En cours de procédure, la société Pacifica a fait assigner en intervention forcée l’Association Tutélaire de la Meuse (ci-après l’ATM), tuteur de M. X, et son assureur, la société AXA France IARD.
Par jugement rendu le 16 janvier 2020, le tribunal judiciaire de Bar-le-Duc a :
— déclaré recevable les interventions forcée de l’ATM et de son assureur, la société AXA France IARD,
— déclaré M. O Z et Mme M C responsables in solidum des dommages matériels causés à M. D Y,
— en conséquence, condamné la société GMF, en sa qualité d’assureur de Mme M C, à payer à M. D Y la somme de 21 199,50 euros à titre de dommages et intérêts, avec intérêts au taux légal à compter du jugement,
— condamné la société Pacifica en sa qualité d’assureur de M. O Z à payer à M. D Y la somme de 10 599,75 euros (soit 21 199,50 euros / 2, compte-tenu de l’assurance cumulative de la CMAM elle-même) à titre de dommages et intérêts, avec intérêts au taux légal à compter du jugement,
— condamné la société Pacifica en sa qualité d’assureur de M. O Z à payer à la CMAM la somme de 21 625 euros (soit 41 250 euros / 2), avec intérêts au taux légal à compter du jugement,
— rejeté la demande en dommages et intérêts formulée par la CMAM et M. D Y à l’encontre de la société AXA France en sa qualité d’assureur de Mme N K,
— débouté la CMAM et M. D Y de leur demande d’indemnité au titre de la résistance abusive,
— condamné in solidum l’ATM et son assureur, la société AXA France IARD, à garantir la société Pacifica des condamnations prononcées contre elle, en ce compris les frais irrépétibles et les dépens, à hauteur de 50%,
— condamné solidairement la société GMF et la société Pacifica à payer à M. D Y et à la CMAM la somme de 2 000 euros sur le fondement de l’article 700 du code de procédure civile, ainsi qu’aux dépens de l’instance,
— rejeté toutes autres demandes sur le fondement de l’article 700 du code de procédure civile,
— ordonné l’exécution provisoire.
Le tribunal a considéré qu’J K n’avait commis aucun acte ayant pu causer l’incendie, de sorte que la responsabilité de ses responsables légaux n’était pas engagée ; qu’en revanche, l’ATM (tuteur de M. X) avait été négligente en ne veillant pas à ce que la grange soit inaccessible aux intrusions des tiers, de sorte qu’il convenait de faire droit à la demande de Pacifica tendant à condamner l’ATM et son assureur, AXA France IARD, à la garantir à hauteur de 50% des sommes auxquelles elle est condamnée.
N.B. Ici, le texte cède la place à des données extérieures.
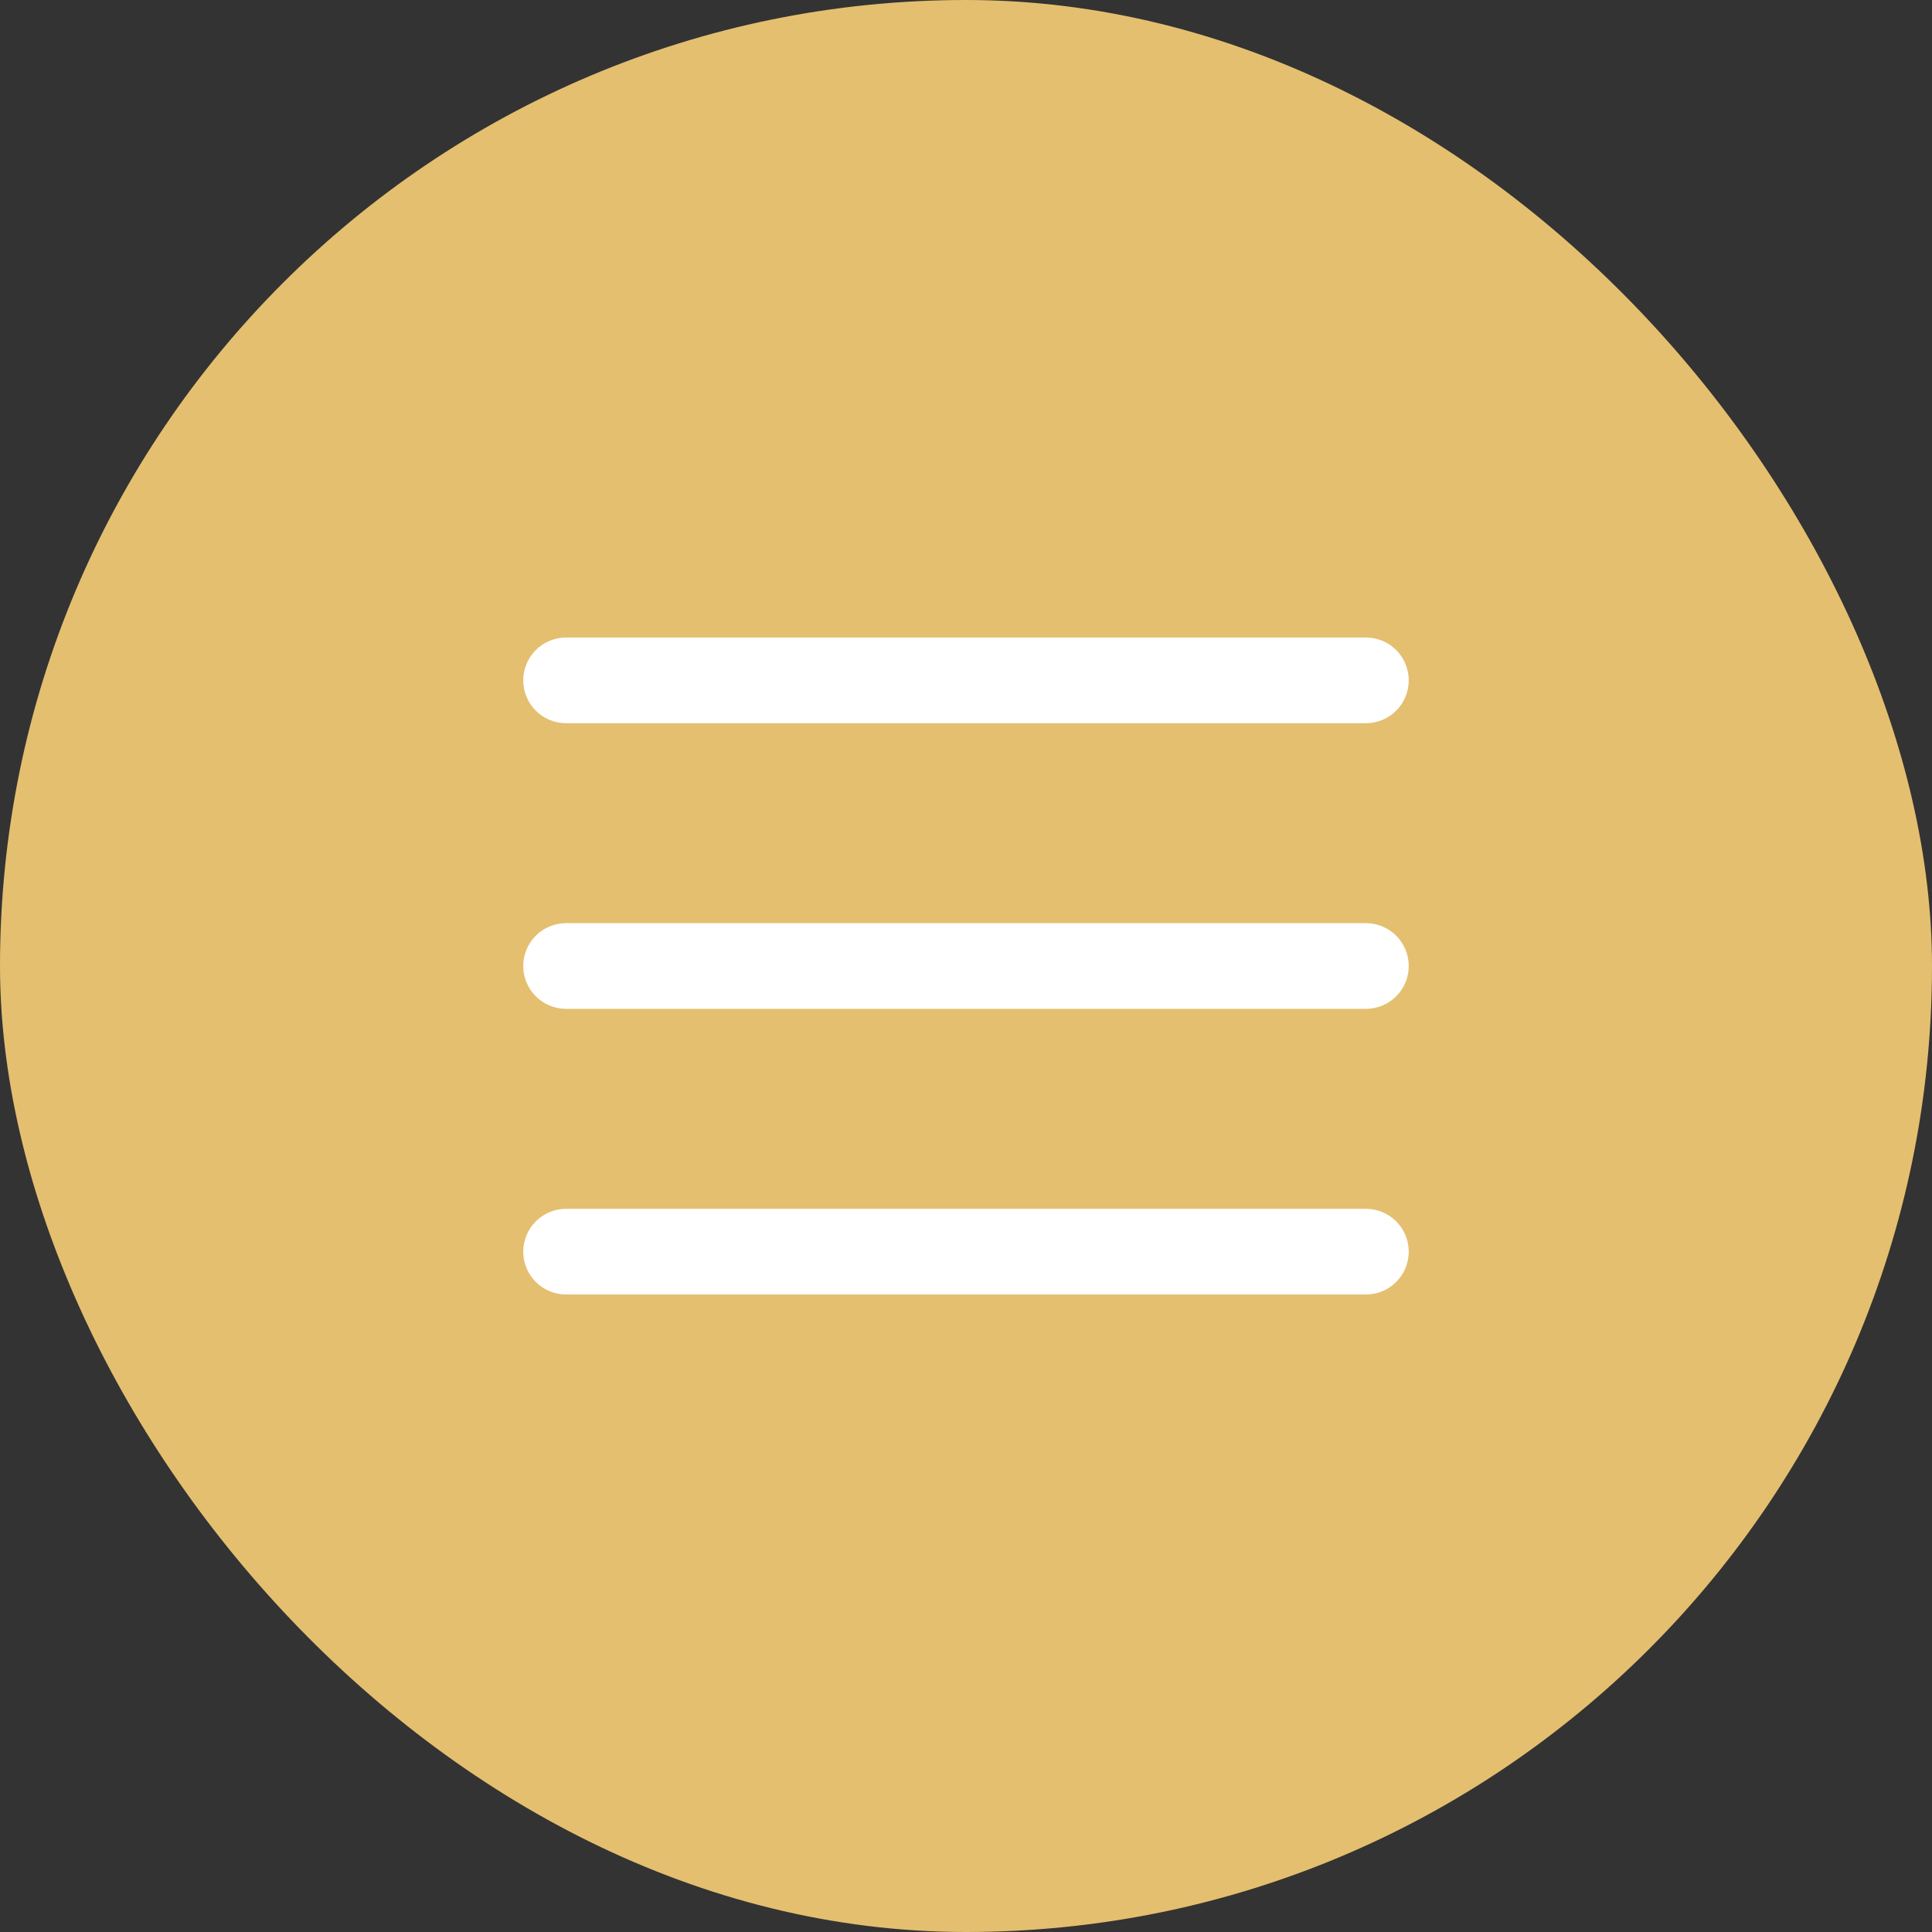 <?xml version="1.0" encoding="UTF-8"?> <svg xmlns="http://www.w3.org/2000/svg" width="62" height="62" viewBox="0 0 62 62" fill="none"><rect x="0" y="0" width="62" height="62" fill="#333333" stroke="none"/><rect width="62" height="62" rx="31" fill="#E4BF6F"></rect><path fill-rule="evenodd" clip-rule="evenodd" d="M45.208 31C45.208 30.636 45.063 30.286 44.806 30.028C44.548 29.77 44.198 29.625 43.833 29.625H18.167C17.802 29.625 17.452 29.77 17.194 30.028C16.936 30.286 16.792 30.636 16.792 31C16.792 31.365 16.936 31.715 17.194 31.972C17.452 32.23 17.802 32.375 18.167 32.375H43.833C44.198 32.375 44.548 32.23 44.806 31.972C45.063 31.715 45.208 31.365 45.208 31ZM45.208 21.834C45.208 21.469 45.063 21.119 44.806 20.861C44.548 20.603 44.198 20.459 43.833 20.459H18.167C17.802 20.459 17.452 20.603 17.194 20.861C16.936 21.119 16.792 21.469 16.792 21.834C16.792 22.198 16.936 22.548 17.194 22.806C17.452 23.064 17.802 23.209 18.167 23.209H43.833C44.198 23.209 44.548 23.064 44.806 22.806C45.063 22.548 45.208 22.198 45.208 21.834ZM45.208 40.167C45.208 39.802 45.063 39.452 44.806 39.195C44.548 38.937 44.198 38.792 43.833 38.792H18.167C17.802 38.792 17.452 38.937 17.194 39.195C16.936 39.452 16.792 39.802 16.792 40.167C16.792 40.532 16.936 40.881 17.194 41.139C17.452 41.397 17.802 41.542 18.167 41.542H43.833C44.198 41.542 44.548 41.397 44.806 41.139C45.063 40.881 45.208 40.532 45.208 40.167Z" fill="white"></path></svg>

Par déclaration enregistrée le 27 mai 2020, la CMAM et M. D Y ont interjeté appel de ce jugement en intimant les sociétés GMF et Pacifica et en limitant leur appel aux dispositions du jugement ayant condamné ces deux sociétés d’assurance à payer les sommes de 21 199,50 euros, de 10 599,75 euros, de 21 625 euros et en ce que le jugement les a déboutés de leur demande d’indemnité pour résistance abusive.
La société Pacifica a fait assigner en intervention forcée devant la cour d’appel la société MAAF, assureur responsabilité civile de M. L A, et la CMAM en sa qualité d’assureur de M. O Z. Elle a également fait assigner en appel provoqué l’ATM et son assureur, la société AXA France IARD.
Par conclusions déposées le 25 août 2020, la CMAM et M. D Y demandent à la cour de confirmer le jugement déféré sur le principe de la responsabilité et de l’obligation de garantie des sociétés d’assurance, mais de l’infirmer en ce qu’il a condamné GMF et Pacifica à leur payer la somme de 61 875 euros et, statuant à nouveau :
— de condamner in solidum la société GMF en sa qualité d’assureur de Mme M C et la société Pacifica en sa qualité d’assureur de M. O Z à payer à la CMAM la somme de 61 875 euros,
— de condamner in solidum la société GMF en sa qualité d’assureur de Mme M C et la société Pacifica en sa qualité d’assureur de M. O Z à payer à M. D Y la somme de 52 998,75 euros,
— de condamner in solidum les sociétés GMF et Pacifica à leur payer les sommes de 2 000 euros à titre de dommages et intérêts pour résistance abusive et de 3 000 euros sur le fondement de l’article 700 du code de procédure civile.
A l’appui de leur appel, la CMAM et M. D Y exposent notamment :
— que le tribunal a mis hors de cause le jeune J K et, par voie de conséquence, l’assureur de ses parents, la société AXA France, ce qui implique de répartir entre les deux autres responsables, à savoir M. O Z (assuré par Pacifica) et Mme M C (assurée par la GMF) la part des indemnités qui avait été imputée à J K et qui leur reste due,
— que les pièces produites illustrent la résistance abusive des compagnies d’assurance.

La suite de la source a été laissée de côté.